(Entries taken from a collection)
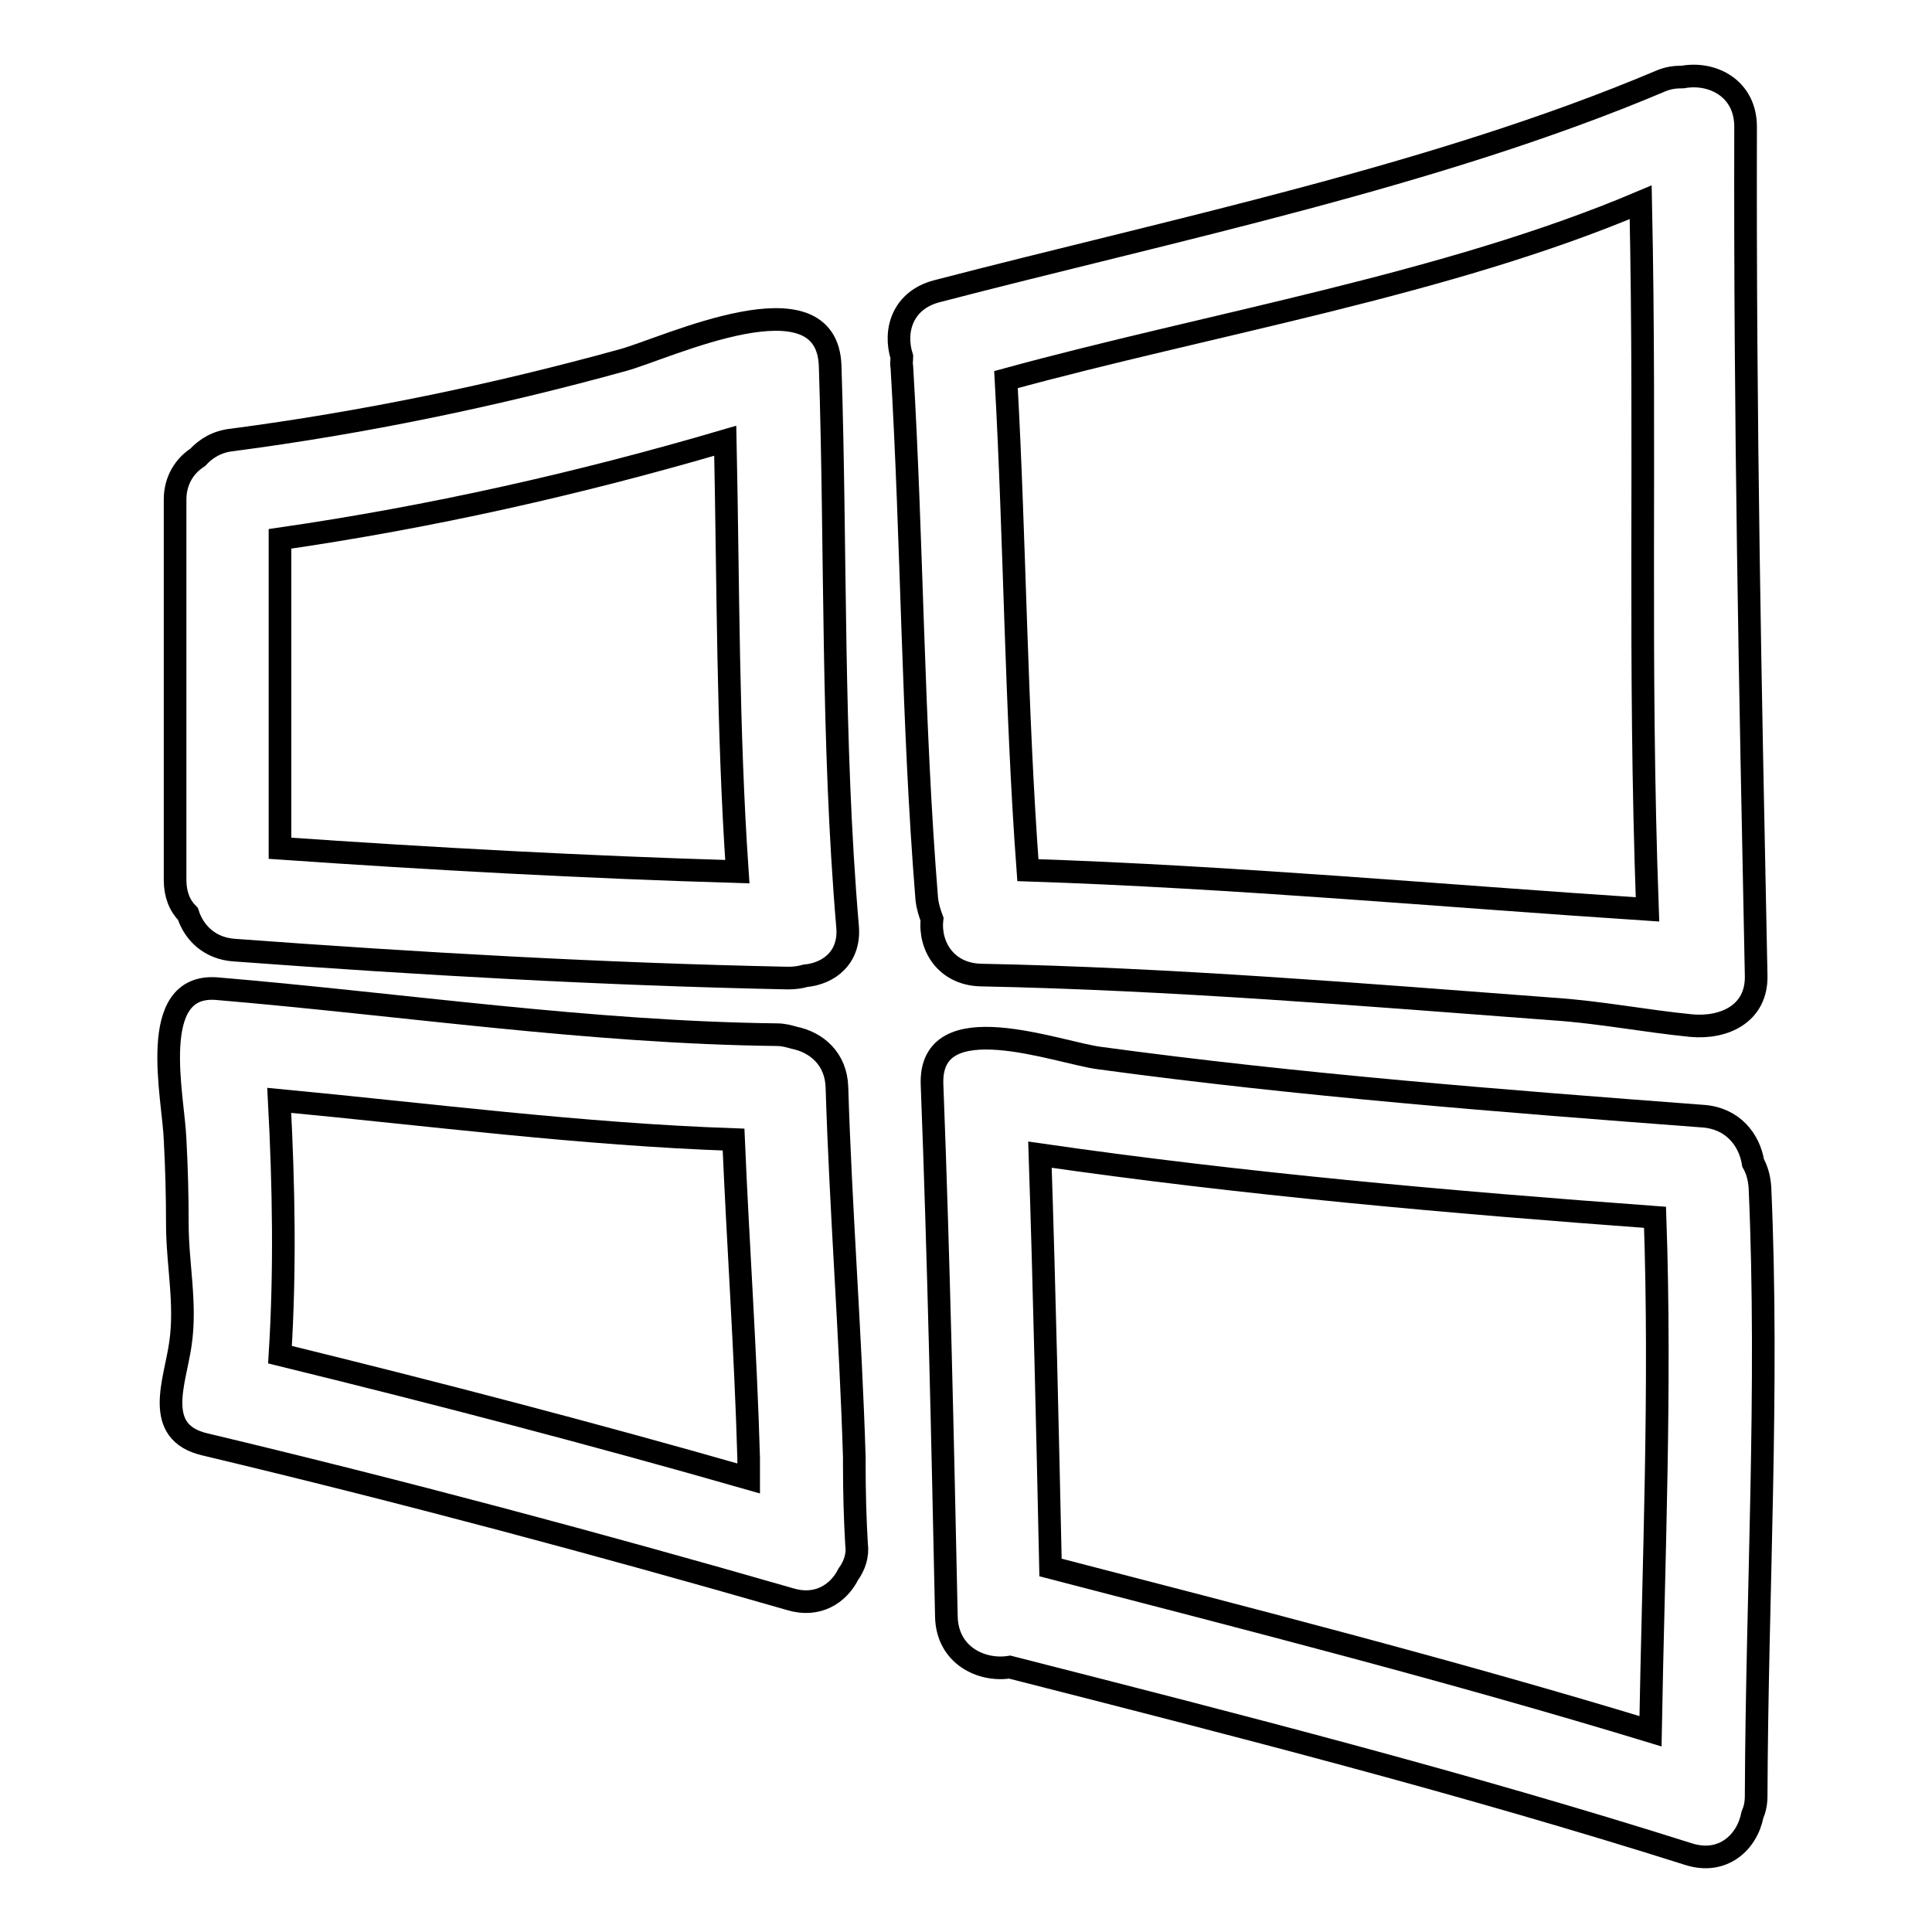 <?xml version="1.0" encoding="utf-8"?>
<!-- Svg Vector Icons : http://www.onlinewebfonts.com/icon -->
<!DOCTYPE svg PUBLIC "-//W3C//DTD SVG 1.1//EN" "http://www.w3.org/Graphics/SVG/1.1/DTD/svg11.dtd">
<svg version="1.1" xmlns="http://www.w3.org/2000/svg" xmlns:xlink="http://www.w3.org/1999/xlink" x="0px" y="0px" viewBox="0 0 256 256" enable-background="new 0 0 256 256" xml:space="preserve">
<g><g><g><g><path stroke-width="3" fill-opacity="0" stroke="#000000"  d="M31.1,125.9c24.4,1.8,48.8,3.2,73.3,3.7c0.9,0,1.6-0.1,2.3-0.3c3.2-0.3,6-2.5,5.6-6.6c-2.1-24.7-1.5-49.5-2.3-74.2c-0.4-12.5-21.6-2.4-27.4-0.8c-17,4.7-34.4,8.3-51.9,10.6c-1.9,0.2-3.4,1.1-4.5,2.3c-1.7,1.1-3,3-3,5.6v50.4c0,1.9,0.6,3.4,1.7,4.5C25.7,123.6,27.8,125.7,31.1,125.9z M37.1,71.4c20-2.9,39.6-7.3,59-13c0.4,19,0.3,38.1,1.6,57.1c-20.2-0.6-40.4-1.7-60.6-3.1V71.4L37.1,71.4z"/><path stroke-width="3" fill-opacity="0" stroke="#000000"  d="M130,129.2c25.1,0.5,50.6,2.6,75.8,4.5c6.1,0.4,12.2,1.6,18.3,2.2c4.4,0.4,8.7-1.6,8.6-6.6c-0.8-39.4-1.5-73-1.4-112.5c0-5.1-4.4-7.3-8.3-6.6c-1,0-2,0.1-3.1,0.6c-29.6,12.5-64.7,19.7-95.8,27.8c-4.5,1.2-5.7,5.2-4.6,8.7c0,0.4-0.1,0.9,0,1.3c1.4,23.5,1.4,47,3.3,70.5c0.1,1,0.4,1.9,0.7,2.7C123.1,125.3,125.3,129.1,130,129.2z M217.4,26.8c0.7,33.2-0.3,60.6,0.9,93.7c-27.4-1.8-54.7-4.3-82.1-5.2c-1.6-21.6-1.7-43.4-2.9-65C160.3,42.9,191.7,37.7,217.4,26.8z"/><path stroke-width="3" fill-opacity="0" stroke="#000000"  d="M113.2,194.1c0-0.1,0-0.2,0-0.4c0-0.2,0-0.4,0-0.6c-0.5-16.4-1.8-32.7-2.3-49c-0.1-3.8-2.7-6-5.7-6.6c-0.7-0.2-1.4-0.4-2.3-0.4c-24.9-0.3-49.4-4-74.2-6.1c-9.3-0.7-5.7,14.4-5.5,20c0.2,3.7,0.3,7.4,0.3,11.2c0,5.3,1.2,10.6,0.4,15.9c-0.7,5-3.7,11.7,3.3,13.3c26,6.2,51.8,13.1,77.5,20.5c3.6,1.1,6.4-0.7,7.7-3.3c0.8-1.1,1.3-2.5,1.1-3.9C113.3,201.3,113.2,197.7,113.2,194.1z M99.2,195.9c-20.6-5.9-41.3-11.3-62.1-16.4c0.7-11.2,0.5-22.4-0.1-33.7c20,1.9,40,4.5,60.2,5.2c0.6,14.1,1.6,28.1,2,42.2c0,0.1,0,0.3,0,0.4c0,0.2,0,0.3,0,0.5C99.2,194.7,99.2,195.3,99.2,195.9z"/><path stroke-width="3" fill-opacity="0" stroke="#000000"  d="M232.3,154.1c-0.5-3.1-2.7-5.9-6.6-6.2c-26.5-2-53.5-4.1-80-7.7c-5.5-0.7-22.6-7.3-22.2,3.5c0.9,23.5,1.4,47,1.9,70.5c0.1,5.1,4.6,7.3,8.4,6.7c30.2,7.7,60.3,15.4,90,24.8c4.5,1.4,7.7-1.6,8.4-5.2c0.3-0.7,0.5-1.5,0.5-2.5c0.1-26.9,1.7-53.8,0.5-80.7C233.1,156,232.8,155,232.3,154.1z M218.7,229.4c-26.3-8-52.9-14.8-79.5-21.7c-0.4-18.2-0.8-36.5-1.4-54.7c27,3.9,54.3,6.3,81.5,8.3C220.1,184.1,219.1,206.7,218.7,229.4z"/></g></g><g></g><g></g><g></g><g></g><g></g><g></g><g></g><g></g><g></g><g></g><g></g><g></g><g></g><g></g><g></g></g></g>
</svg>

WHAT TO DO: Once the pictures are set aside, repeat the data above exactly as written.

EXPECTED ANSWER:
 <?xml version="1.0" encoding="utf-8"?>
<!-- Svg Vector Icons : http://www.onlinewebfonts.com/icon -->
<!DOCTYPE svg PUBLIC "-//W3C//DTD SVG 1.1//EN" "http://www.w3.org/Graphics/SVG/1.1/DTD/svg11.dtd">
<svg version="1.1" xmlns="http://www.w3.org/2000/svg" xmlns:xlink="http://www.w3.org/1999/xlink" x="0px" y="0px" viewBox="0 0 256 256" enable-background="new 0 0 256 256" xml:space="preserve">
<g><g><g><g><path stroke-width="3" fill-opacity="0" stroke="#000000"  d="M31.1,125.9c24.4,1.8,48.8,3.2,73.3,3.7c0.9,0,1.6-0.1,2.3-0.3c3.2-0.3,6-2.5,5.6-6.6c-2.1-24.7-1.5-49.5-2.3-74.2c-0.4-12.5-21.6-2.4-27.4-0.8c-17,4.7-34.4,8.3-51.9,10.6c-1.9,0.2-3.4,1.1-4.5,2.3c-1.7,1.1-3,3-3,5.6v50.4c0,1.9,0.6,3.4,1.7,4.5C25.7,123.6,27.8,125.7,31.1,125.9z M37.1,71.4c20-2.9,39.6-7.3,59-13c0.4,19,0.3,38.1,1.6,57.1c-20.2-0.6-40.4-1.7-60.6-3.1V71.4L37.1,71.4z"/><path stroke-width="3" fill-opacity="0" stroke="#000000"  d="M130,129.2c25.1,0.5,50.6,2.6,75.8,4.5c6.1,0.4,12.2,1.6,18.3,2.2c4.4,0.4,8.7-1.6,8.6-6.6c-0.8-39.4-1.5-73-1.4-112.5c0-5.1-4.4-7.3-8.3-6.6c-1,0-2,0.1-3.1,0.6c-29.6,12.5-64.7,19.7-95.8,27.8c-4.5,1.2-5.7,5.2-4.6,8.7c0,0.4-0.1,0.9,0,1.3c1.4,23.5,1.4,47,3.3,70.5c0.1,1,0.4,1.9,0.7,2.7C123.1,125.3,125.3,129.1,130,129.2z M217.4,26.8c0.7,33.2-0.3,60.6,0.9,93.7c-27.4-1.8-54.7-4.3-82.1-5.2c-1.6-21.6-1.7-43.4-2.9-65C160.3,42.9,191.7,37.7,217.4,26.8z"/><path stroke-width="3" fill-opacity="0" stroke="#000000"  d="M113.2,194.1c0-0.1,0-0.2,0-0.4c0-0.2,0-0.4,0-0.6c-0.5-16.4-1.8-32.7-2.3-49c-0.1-3.8-2.7-6-5.7-6.6c-0.7-0.2-1.4-0.4-2.3-0.4c-24.9-0.3-49.4-4-74.2-6.1c-9.3-0.7-5.7,14.4-5.5,20c0.2,3.7,0.3,7.4,0.3,11.2c0,5.3,1.2,10.6,0.4,15.9c-0.7,5-3.7,11.7,3.3,13.3c26,6.2,51.8,13.1,77.5,20.5c3.6,1.1,6.4-0.7,7.7-3.3c0.8-1.1,1.3-2.5,1.1-3.9C113.3,201.3,113.2,197.7,113.2,194.1z M99.2,195.9c-20.6-5.9-41.3-11.3-62.1-16.4c0.7-11.2,0.5-22.4-0.1-33.7c20,1.9,40,4.5,60.2,5.2c0.6,14.1,1.6,28.1,2,42.2c0,0.1,0,0.3,0,0.4c0,0.2,0,0.3,0,0.5C99.2,194.7,99.2,195.3,99.2,195.9z"/><path stroke-width="3" fill-opacity="0" stroke="#000000"  d="M232.3,154.1c-0.5-3.1-2.7-5.9-6.6-6.2c-26.5-2-53.5-4.1-80-7.7c-5.5-0.7-22.6-7.3-22.2,3.5c0.9,23.5,1.4,47,1.9,70.5c0.1,5.1,4.6,7.3,8.4,6.7c30.2,7.7,60.3,15.4,90,24.8c4.5,1.4,7.7-1.6,8.4-5.2c0.3-0.7,0.5-1.5,0.5-2.5c0.1-26.9,1.7-53.8,0.5-80.7C233.1,156,232.8,155,232.3,154.1z M218.7,229.4c-26.3-8-52.9-14.8-79.5-21.7c-0.4-18.2-0.8-36.5-1.4-54.7c27,3.9,54.3,6.3,81.5,8.3C220.1,184.1,219.1,206.7,218.7,229.4z"/></g></g><g></g><g></g><g></g><g></g><g></g><g></g><g></g><g></g><g></g><g></g><g></g><g></g><g></g><g></g><g></g></g></g>
</svg>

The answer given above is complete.